In the Kato environment, in stateful applications, the IP of each instance can be obtained through DNS resolution:

sh-4.2# env | grep SERVICE_NAME
SERVICE_NAME=gr4f7bd5
sh-4.2# nslookup ${SERVICE_NAME}
Server: 10.10.20.12
Address: 10.10.20.12#53

Name: gr4f7bd5.157b2015f1c74b219f38849f7857d382.svc.cluster.local
Address: 192.168.119.163
Name: gr4f7bd5.157b2015f1c74b219f38849f7857d382.svc.cluster.local
Address: 192.168.171.182
Name: gr4f7bd5.157b2015f1c74b219f38849f7857d382.svc.cluster.local
Address: 192.168.9.155

It is worth noting that the result obtained by this command is dynamic.

Even if only one instance is deployed at the beginning, and subsequent expansion is performed, executing the above command during the startup of the second instance will obtain the IP addresses of the current two instances.

Since the IP addresses of all instances can be dynamically obtained, the following method can be used to make a dynamically scalable Es cluster application based on Kato.

Actual Production Process and Code Analysis

Sample repository address

Users can directly fork the above repositories to obtain the cluster version of the ES application source code.

Please read the comments in the code carefully.

Dockerfile

# The base image is designated as ES official image 6.2.3 version
FROM elastic/elasticsearch:6.2.3
MAINTAINER gdevs <gdevs@gridworkz.com>
# Install nslookup command based on CentOS
RUN yum makecache fast && \
    yum install bind-utils -y && \
    yum clean all && \
    rm -rf /var/cache/yum
# Copy the startup script in the source code into the mirror
COPY docker-entrypoint.sh /
# Copy the basic configuration file in the source code into the mirror
COPY elasticsearch.yml /usr/share/elasticsearch/config/elasticsearch.yml
# Open port
EXPOSE 9200 9300
# Persistent data mount
VOLUME ["/usr/share/elasticsearch/data"]
# Start command
ENTRYPOINT ["/docker-entrypoint.sh"]
CMD ["/usr/local/bin/docker-entrypoint.sh","eswrapper"]
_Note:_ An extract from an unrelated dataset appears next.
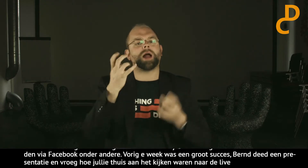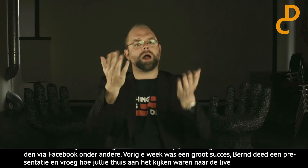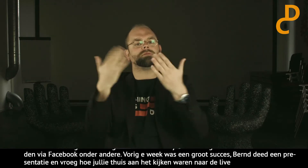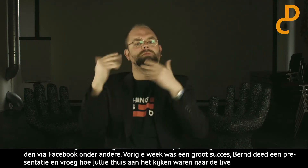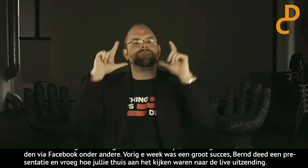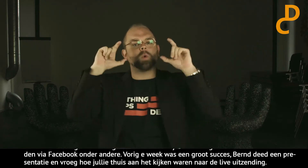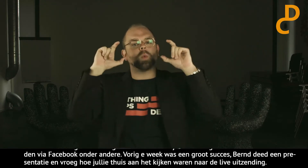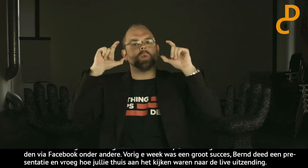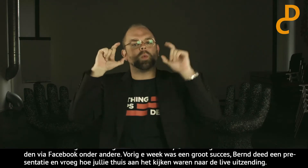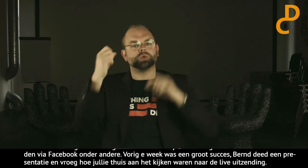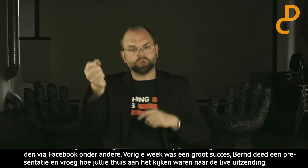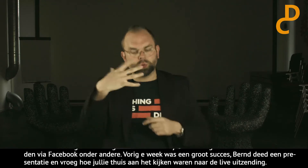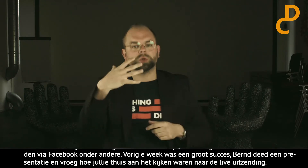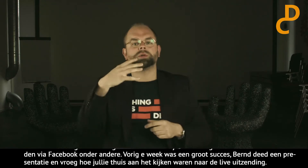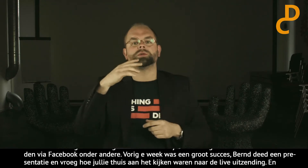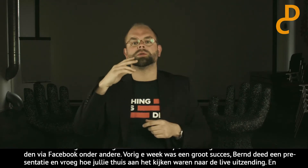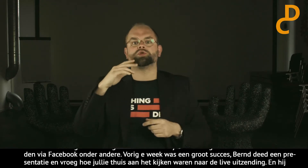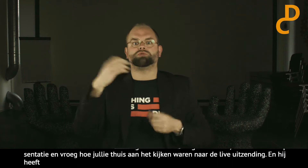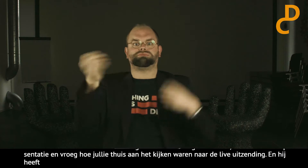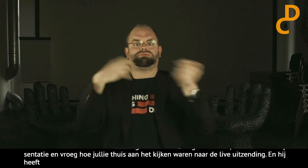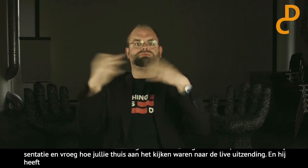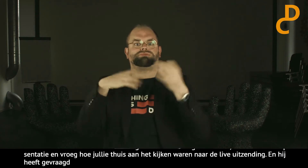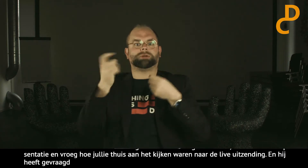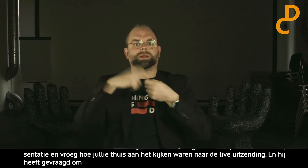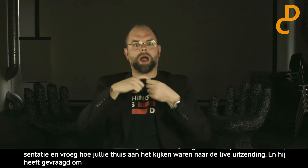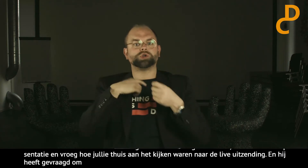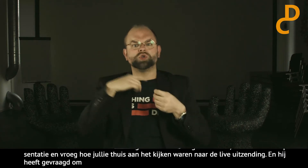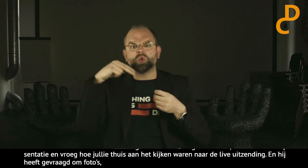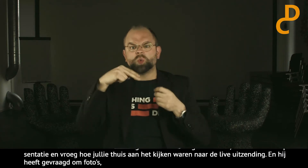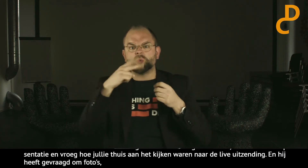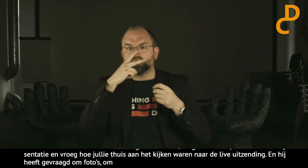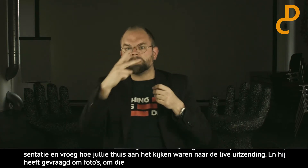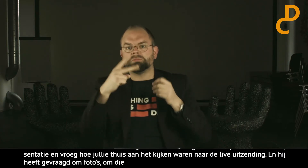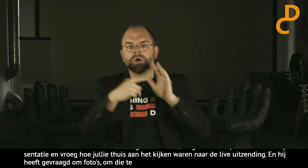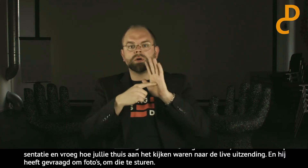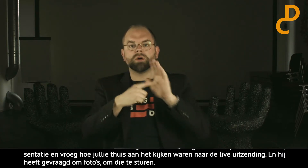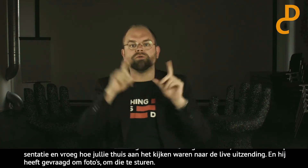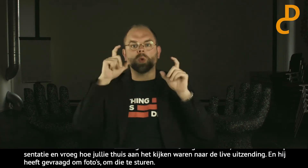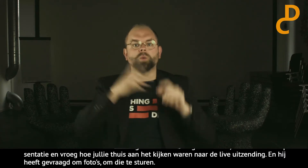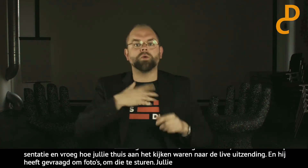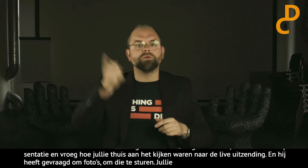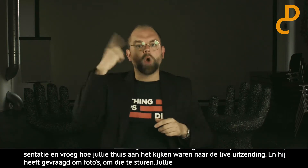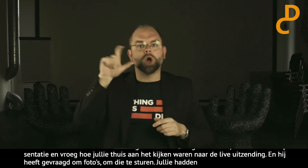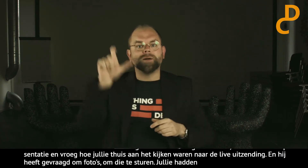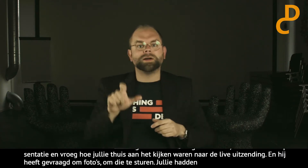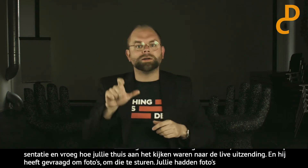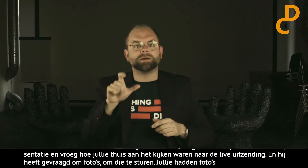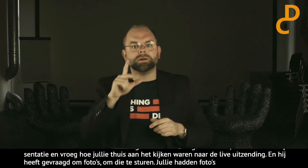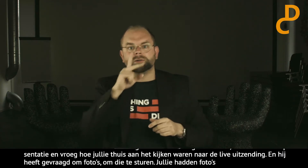En heeft gevraagd voor foto's, om foto's te sturen. Nou, jullie hebben allemaal foto's gestuurd, volgens mij. Jullie was goed te zien nu een foto van

Points to note in Dockerfile:

  1. The installation method of the nslookup command is different for different releases. For example, Ubuntu/Debian is apt-get install dnsutils

  2. docker-entrypoint.sh requires executable permissions. The reason why the authorization operation is not performed in this example is that the authorization has been completed locally before the file is uploaded.

docker-entrypoint.sh

#!/bin/bash
[[ $DEBUG ]] && set -x 
# Modify the configuration file, set specific items through environment variables
sed -i -e "s/POD_IP/${POD_IP:-'0.0.0.0'}/g" \
       -e "s/HOSTNAME/${HOSTNAME}.${HOSTNAME%-*}.${TENANT_ID}.svc.cluster.local./g" /usr/share/elasticsearch/config/elasticsearch.yml

sleep 10
# Dynamically obtain the number of current instances to determine whether to enable the cluster configuration
CURRENT_POD_NUM=$(nslookup ${SERVICE_NAME} | grep Address | sed '1d' | awk'{print $2}' | wc -l)
[[ $DEBUG ]] && echo $(nslookup ${SERVICE_NAME})> ./logfile
# If the number of instances in the current application is greater than 1, enable the configuration to join the cluster
if [[ $CURRENT_POD_NUM -gt 1 ]];then
    sed -i'$a\discovery.zen.ping.unicast.hosts' /usr/share/elasticsearch/config/elasticsearch.yml
    # Get the IP addresses of all current instances
    ip=$(nslookup ${SERVICE_NAME} | grep Address | sed '1d' | awk'{print $2}')
    # According to the ES configuration file format, format processing
    ips=$(echo $ip | tr ''',')
    [[ $DEBUG ]] && echo ${ip} >> ./logfile
    # Write all IPs to the configuration file
    sed -i "s/discovery.zen.ping.unicast.hosts*/discovery.zen.ping.unicast.hosts: [${ips}]/g" /usr/share/elasticsearch/config/elasticsearch.yml
fi
    
[[ $PAUSE ]] && sleep $PAUSE
# Execute the startup script specified by ES
exec $@

Summary

Using DNS resolution to dynamically obtain the IP addresses of all instances of the current application is a best practice for building a cluster. The cases in this article represent most applications that need to explicitly declare the connection addresses of all nodes in the cluster in the configuration file. Users can make their own cluster applications of this type based on this case.